Он и сам испугался своих слов и, не дав ей возразить и запомнить нечаянно вырвавшуюся крамолу на русскую идею, поспешно продолжил, отвлекая внимание:

- Всё одно и то же: работай и работай, когда жить-то?

Она рассмеялась, а он облегчённо вздохнул, поняв, что соседка не злопамятна.

- В свободное от работы время… если силы останутся. А ты что предлагаешь?

Он решил ещё глубже похоронить свою идеологическую оговорку.

- Мне понравилась ваша идея: жить, никому не мешая.

Вряд ли она помнила свои ненароком сказанные слова, но сноска на них понравилась.

- Просто жить, никому не мешая и не напрягаясь до такой степени, когда жить не хочется, а хочется забыться в пьянке. Цель жизни всегда и у всех одна – жить свободно и независимо. Но это не так просто, как кажется. Всегда найдётся сосед, которому не понравится, что вам ничего не надо, что вы не болеете, не ссоритесь с женой, ничего не требуете от властей и даже ни на что и ни на кого не жалуетесь. Напишет анонимку, потребовав проверки вашей подозрительной уравновешенности, навесит на вас свои грехи, и – конец жизни не мешая друг другу. Зависть – великая сила и главный двигатель современной жизни. Она ломает не только судьбы людей, но и судьбы целых народов.

- Жить свободно и независимо можно только на необитаемом острове, - догадалась экспедиторша.

Владимир умышленно тяжело вздохнул, предопределяя негативную точку зрения на, казалось бы, удачно решённую проблему.

- Не выйдет.

- Кто ж там-то помешает? – Травиате Адамовне всё больше нравилась игра его ума, всё больше нравилось, что не успевает за его нестандартной мыслью, не может догадаться, куда заведут своеобразные логические размышления. Даже не верилось, что всё это сосредоточено в простом шофёре, к тому же ещё и совсем молодом. Таких она в своём окружении не встречала. А муж со своими несостоявшимися атаками и незапланированными отступлениями был жалок.

- Сам себе Робинзон и помешает.

Она звонко, как никогда, рассмеялась, обрадованная неожиданному ответвлению его логики.

- Вы никогда не задумывались, как трудно найти мир в себе, побороть всё возрастающие желания и соблазны, успокоить душу? Всегда, даже когда всё вроде бы есть, хочется ещё чего-нибудь, порой даже неизвестно чего. Робинзон, наверное, захотел бы летать птицей, плавать рыбой и охотиться зверем. Древние философы правильно учили: ищите причины неурядиц, прежде всего, в себе, а не в соседях и ближних своих. Мой главный враг – я сам. Соседи только помогают ему. Для того чтобы прокормиться, тепло одеться и иметь защитное жилище, нужно очень немного. Остальное мы стараемся приобрести вопреки себе для того, чтобы приспособиться к чужим вкусам, чтобы затмить других, как-то выделиться, чтобы создать о себе высокое мнение, забывая, что нет более ложного руководства в жизни, чем чужое мнение. Постоянно разъедающая зависть, несбалансированность собственных желаний и возможностей подталкивают к разлагающему мещанскому желанию жить по мнению, жить как все, но обязательно лучше, подразумевая в качестве эталонов тех, у кого душу заменили вещи.
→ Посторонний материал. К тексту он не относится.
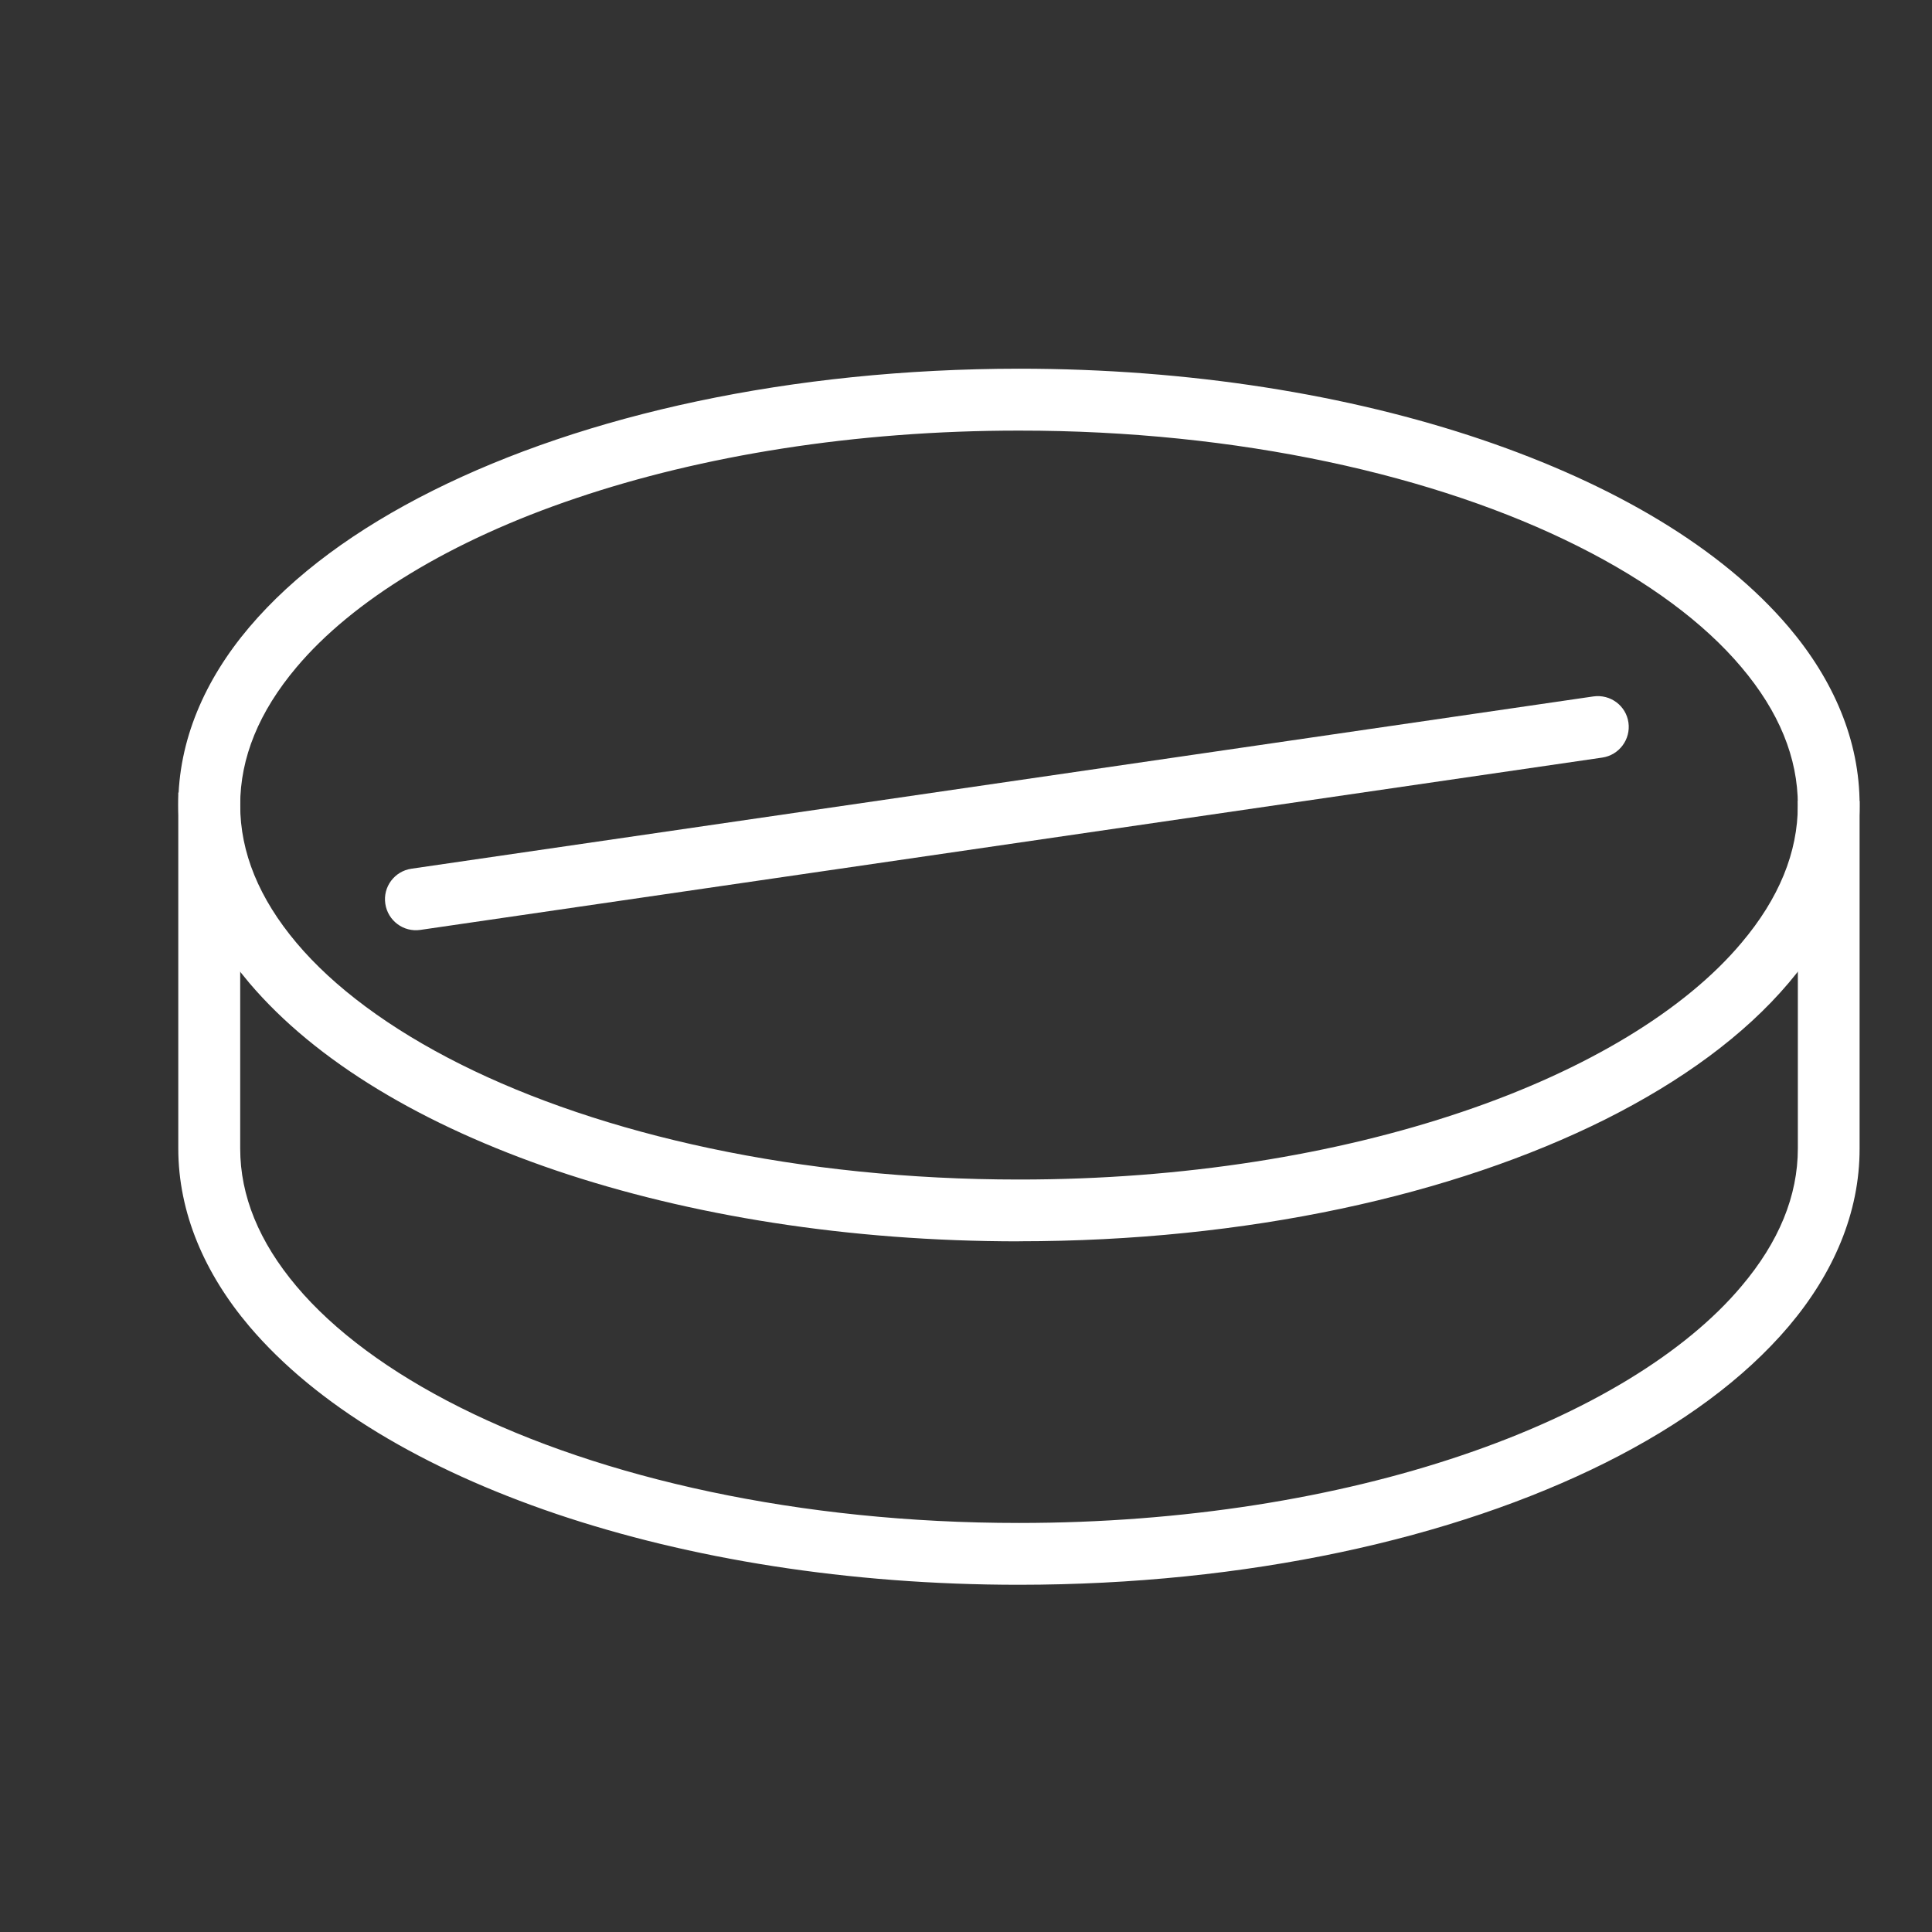 <?xml version="1.0" encoding="utf-8"?>
<!-- Generator: Adobe Illustrator 16.0.4, SVG Export Plug-In . SVG Version: 6.00 Build 0)  -->
<!DOCTYPE svg PUBLIC "-//W3C//DTD SVG 1.1//EN" "http://www.w3.org/Graphics/SVG/1.1/DTD/svg11.dtd">
<svg version="1.1" id="Layer_1" xmlns="http://www.w3.org/2000/svg" xmlns:xlink="http://www.w3.org/1999/xlink" x="0px" y="0px"
	 width="25px" height="25px" viewBox="0 0 25 25" enable-background="new 0 0 25 25" xml:space="preserve">
<rect x="0" y="0" width="25" height="25" fill="#333333" stroke="none"/>
<path fill="#FFFFFF" d="M13.186,15.663v0.399c2.947,0,5.619-0.594,7.588-1.578c0.984-0.494,1.795-1.084,2.373-1.767
	c0.576-0.68,0.918-1.465,0.916-2.301c0.002-0.835-0.34-1.62-0.916-2.3c-0.867-1.022-2.256-1.845-3.975-2.428
	c-1.721-0.582-3.775-0.917-5.986-0.917C10.236,4.773,7.564,5.366,5.598,6.35C4.611,6.844,3.803,7.435,3.225,8.117
	c-0.576,0.68-0.918,1.465-0.918,2.3c0,0.836,0.342,1.621,0.918,2.301c0.867,1.022,2.254,1.845,3.973,2.429
	c1.721,0.582,3.777,0.916,5.988,0.916V15.663v-0.4c-2.84,0.001-5.406-0.579-7.23-1.493c-0.912-0.457-1.637-0.996-2.119-1.569
	c-0.484-0.575-0.729-1.17-0.729-1.784c0-0.613,0.244-1.208,0.729-1.783c0.725-0.861,1.992-1.64,3.619-2.188
	c1.623-0.549,3.602-0.875,5.73-0.874c2.838-0.002,5.406,0.579,7.229,1.494c0.912,0.456,1.637,0.995,2.119,1.568
	c0.486,0.575,0.73,1.17,0.73,1.783c0,0.614-0.244,1.209-0.73,1.784c-0.723,0.862-1.992,1.64-3.619,2.188
	c-1.623,0.549-3.6,0.875-5.729,0.874V15.663L13.186,15.663z"/>
<path fill="#FFFFFF" d="M2.307,10.255c0,1.383,0,4.535,0,4.606c0,0.834,0.342,1.619,0.918,2.3c0.867,1.022,2.254,1.846,3.973,2.429
	c1.721,0.581,3.777,0.917,5.988,0.917c2.947-0.001,5.619-0.595,7.588-1.579c0.984-0.492,1.795-1.085,2.373-1.767
	c0.576-0.681,0.918-1.466,0.916-2.3c0-0.069,0-3.063,0-4.497h-0.799c0,1.433,0,4.427,0,4.497c0,0.613-0.244,1.209-0.73,1.783
	c-0.723,0.861-1.992,1.639-3.619,2.188c-1.623,0.55-3.6,0.875-5.729,0.875c-2.84,0.001-5.406-0.58-7.23-1.494
	c-0.912-0.456-1.637-0.995-2.119-1.568c-0.484-0.574-0.729-1.17-0.729-1.783c0-0.071,0-3.224,0-4.606H2.307L2.307,10.255z"/>
<path fill="#FFFFFF" d="M5.439,12.033l15.295-2.23c0.217-0.032,0.369-0.235,0.338-0.453c-0.031-0.219-0.234-0.37-0.455-0.338
	L5.324,11.241c-0.219,0.032-0.371,0.235-0.338,0.454C5.018,11.913,5.221,12.065,5.439,12.033"/>
</svg>

- Выходит, счастье призрачно и недостижимо? – разочарованно спросила погрустневшая соседка.

- Почему же? – успокоил пессимист. – Достижимо. Надо только понимать и мириться с тем, что оно всегда временное и мимолётное. Постоянно счастливы только дураки и идиоты. И вообще, я думаю, счастье не в счастье, а в его достижении. Чем дольше за ним охотишься, тем радостнее живёшь, но как схватишь, так оно сменяется разочарованием, и чем дольше и труднее охота, тем больше разочарование потом. Так уж устроен ненасытный человеческий разум, особенно, если он подмял под себя душу. Идеально счастливым является Бог, не чувствующий материальной и духовной нищеты. Люди могут только приблизиться к такому счастью, потому что материальное счастье в наше время не совместимо с чистой совестью, а духовное – с высоким и всесторонним образованием. Счастье и несчастье приносит случай, и с этим тоже надо смириться.

- И надо жить? – бодро заключила его же призывом жаждущая счастья женщина.

- Надо.

- Но хотелось бы счастливо. Неужели нет для этого каких-нибудь жизненных правил?